"""
Plotting utilities for RamanLib.
This module provides convenience functions to visualize spectra stored in a
:class:`ramanlib.core.GroupedSpectralContainer` (GSC) and derived statistics
computed by :mod:`ramanlib.calc`. Functions are designed so that common analysis
outputs feed directly into plotting helpers—for example:
- :func:`ramanlib.calc.outliers_per_group` → :func:`ramanlib.plot.outliers_per_group`
- :func:`ramanlib.calc.mean_difference` → :func:`ramanlib.plot.mean_difference`
- :func:`ramanlib.calc.mean_correlation_per_group` → :func:`ramanlib.plot.mean_correlation_per_group`
Most functions delegate the actual drawing to :mod:`ramanspy`’s plotting backend
and Matplotlib/Seaborn, adding light logic for grouping, sampling, and overlays.
Notes
-----
Return types mirror whatever the underlying plotting call returns (usually a
Matplotlib :class:`matplotlib.axes.Axes`, a list of Axes, or a
:class:`matplotlib.figure.Figure`), so these functions compose naturally with
your own Matplotlib pipelines (titles, labels, styling).
"""
from __future__ import annotations
import numpy as np
import ramanspy as rp
from .utils import _normalize_axes_obj
import random
import matplotlib.pyplot as plt
import seaborn as sns
import warnings
[docs]
def mean_per_group(gsc, by=None, interval=None, plot_type="separate", ci_z=1.96, **kwargs):
"""
Plot mean spectrum per group with optional uncertainty bands.

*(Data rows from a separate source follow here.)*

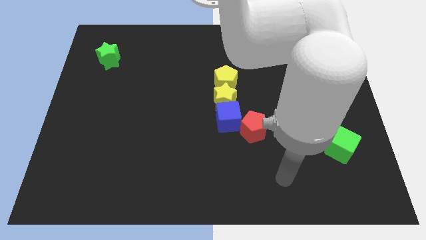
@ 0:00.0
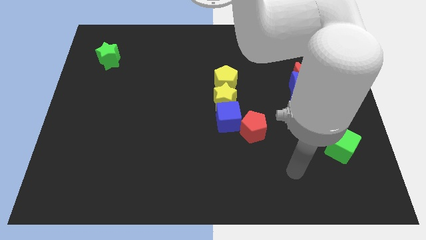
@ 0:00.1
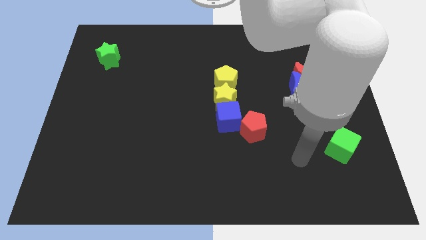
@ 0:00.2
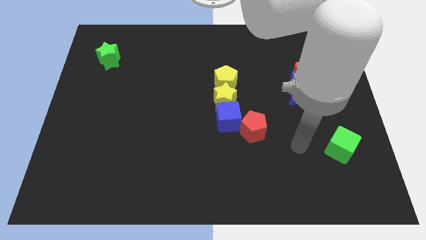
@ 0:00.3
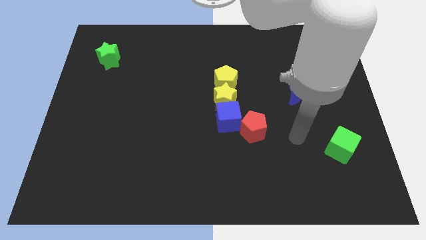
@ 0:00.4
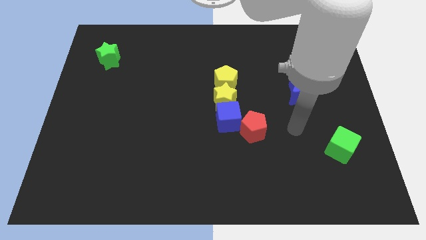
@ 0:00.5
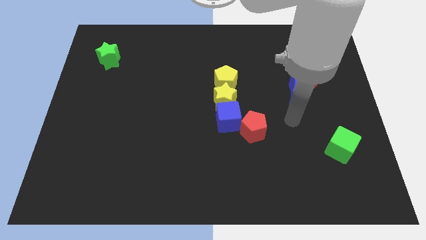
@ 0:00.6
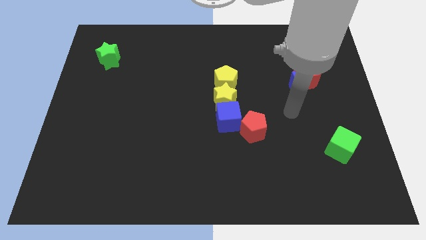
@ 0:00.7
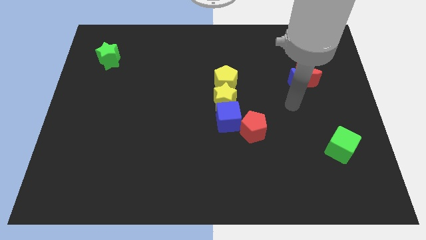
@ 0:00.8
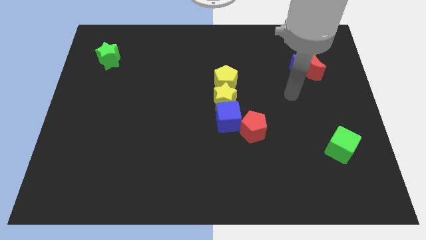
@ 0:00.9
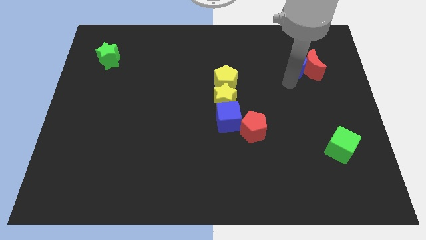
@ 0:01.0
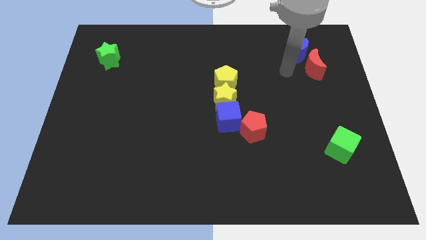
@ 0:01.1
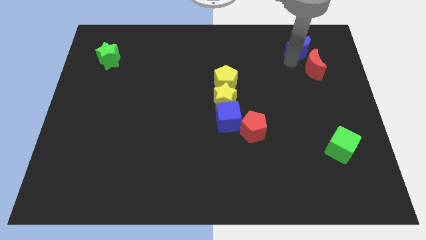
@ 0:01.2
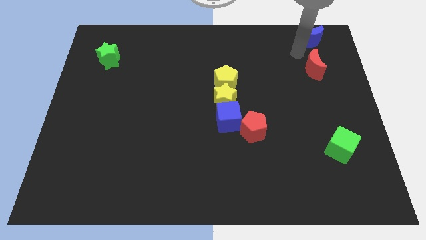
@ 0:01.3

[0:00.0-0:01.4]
move the red moon away from the blue moon

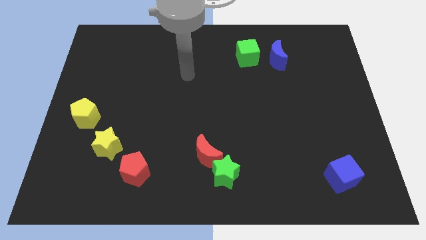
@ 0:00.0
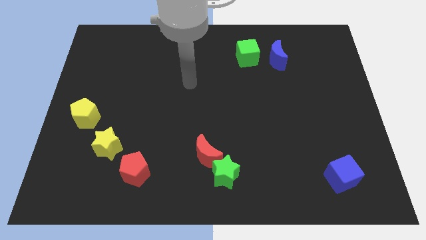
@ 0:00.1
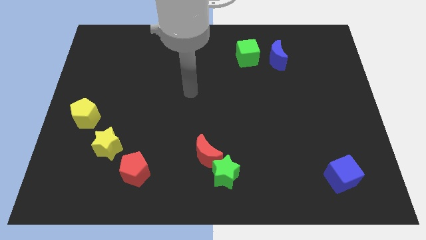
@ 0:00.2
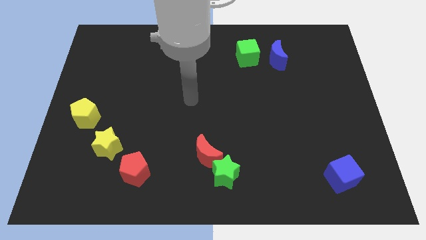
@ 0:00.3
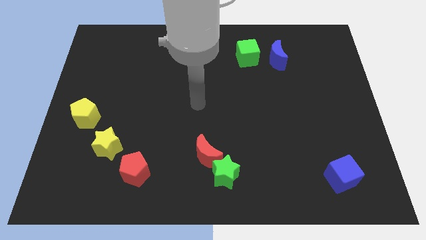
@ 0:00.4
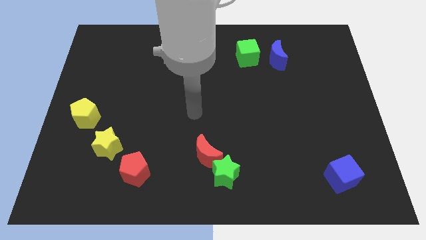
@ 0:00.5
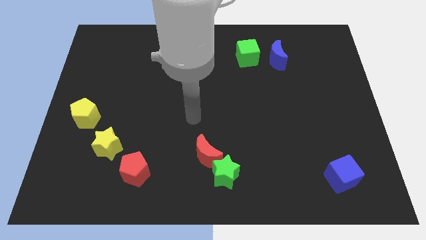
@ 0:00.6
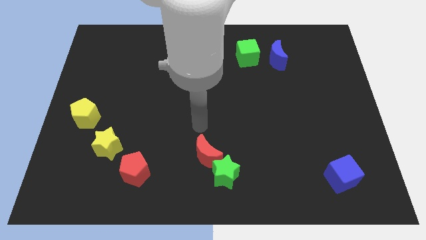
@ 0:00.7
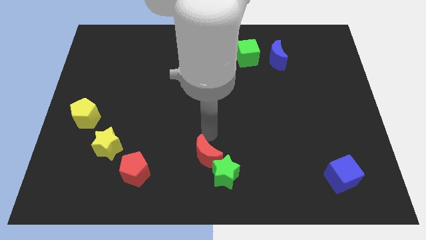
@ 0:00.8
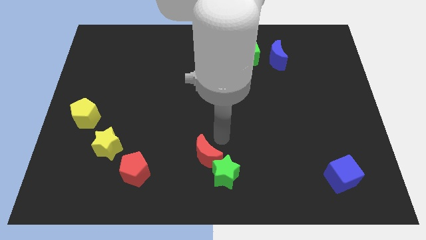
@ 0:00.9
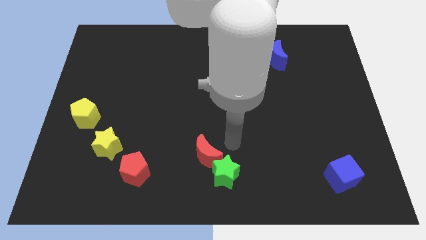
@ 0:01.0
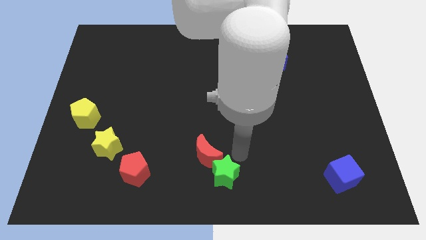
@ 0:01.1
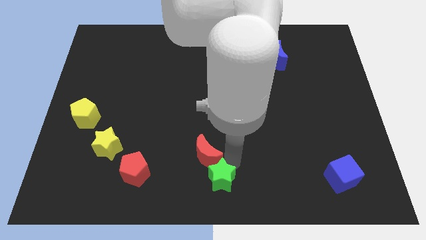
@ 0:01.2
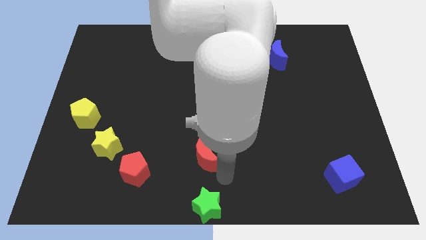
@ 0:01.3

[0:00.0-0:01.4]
separate the red moon from the green star

The group means and (optionally) per-wavenumber standard deviation and
confidence intervals are computed via :meth:`gsc.mean` with
``include_stats=True``. Bands can represent standard deviation (``±SD``) or
normal-approximation confidence intervals (``± z * SD / sqrt(n)``).
Parameters
----------
gsc : GroupedSpectralContainer
Input container.
by : str or list of str or None, optional
Column name(s) used to form groups. If ``None``, all rows form a single
group named ``"all"``. Passed to :meth:`pandas.DataFrame.groupby`.
interval : {None, "ci", "sd"}, optional
Type of band to draw around the mean. ``"sd"`` plots ``± SD``.
``"ci"`` plots ``± z * SD / sqrt(n)`` with ``z=ci_z``.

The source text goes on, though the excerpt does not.